Então, é um pouco de hipocrisia da nossa parte, querer voltar para um passado que também tinha suas imperfeições, porque essas imperfeições, elas apenas... Como que eu ia andar de carro numa época que só tinha carroça? Então, é muito fácil você dizer para as pessoas, não, porque era melhor antigamente, era melhor não sei o quê. Não, mas eu estou falando, a única opção que eu tinha era andar de carroça, naquela época não tinha um carro para andar.

Então, eu acho que esses são pontos sempre que devem ser levados em consideração. E aí, quando a gente fala de burnout, o que nós temos que entender muito bem? Se você for olhar, Fábio, na quantidade de informações que um americano médio recebia na década de 80, e a quantidade de informações que um americano médio recebe hoje, depois dos anos 2000, na verdade, isso equivale a como se fosse 10 a 15 vezes um jornal inteiro por dia.

a mais. E aí num cérebro que é um cérebro ainda primitivo, vamos dizer assim, que ainda tem seus 35 mil anos, mas não vai estar, não evolui do nada, não é do nada que ele vai se adaptar a essa quantidade de informação. E aí talvez é por isso que as pessoas estão mais sobrecarregadas.
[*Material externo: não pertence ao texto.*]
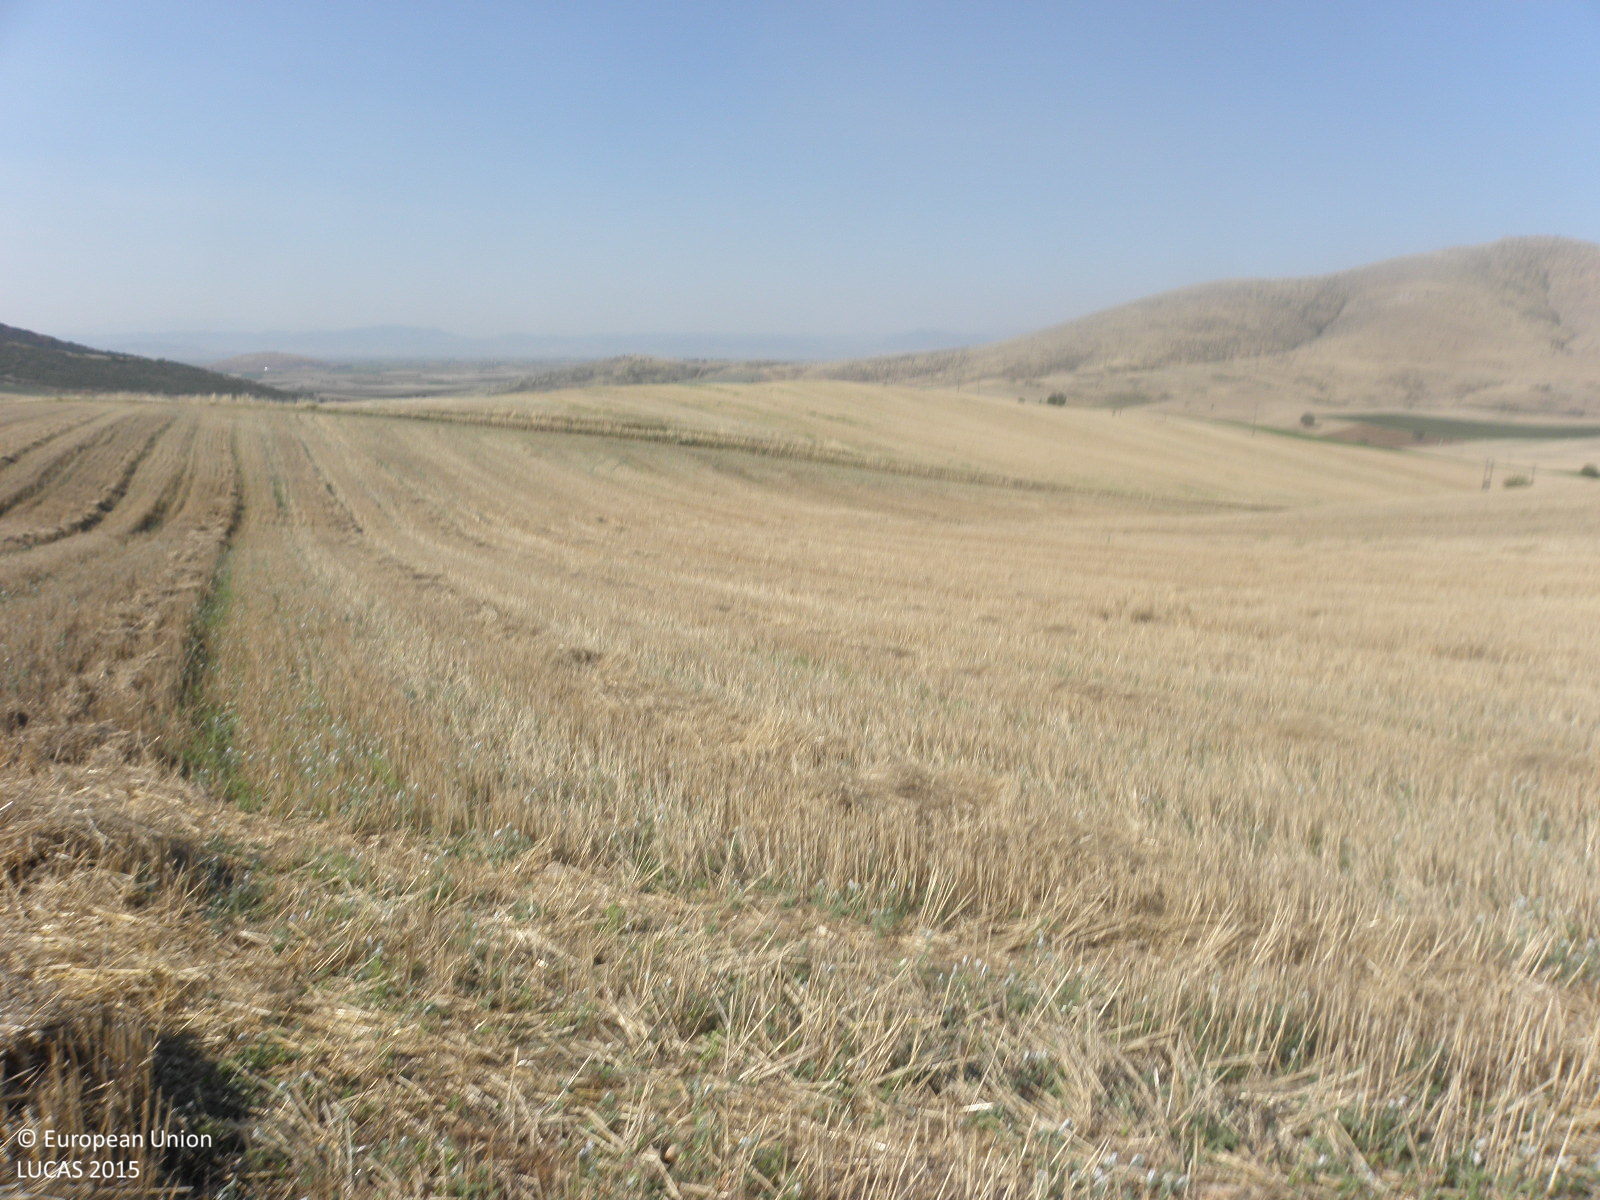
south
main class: Cropland
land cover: Durum wheat
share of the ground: > 75 %
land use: Agriculture (excluding fallow land and kitchen gardens)
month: July
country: GR
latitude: 39.4366
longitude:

Só que aí vem a autorresponsabilidade, que você, por conta própria, vai entender, não, eu tenho que filtrar o que eu recebo de informação.

Eu tenho que me desligar da rede social de vez em quando. Eu tenho que evitar certos conflitos que vão exigir de mim mais leitura de coisas que não servem para nada nos meus objetivos. E aí você vai talvez dando esse filtro que nós ainda não aprendemos como fazer. Porque tudo para nós é muito novo.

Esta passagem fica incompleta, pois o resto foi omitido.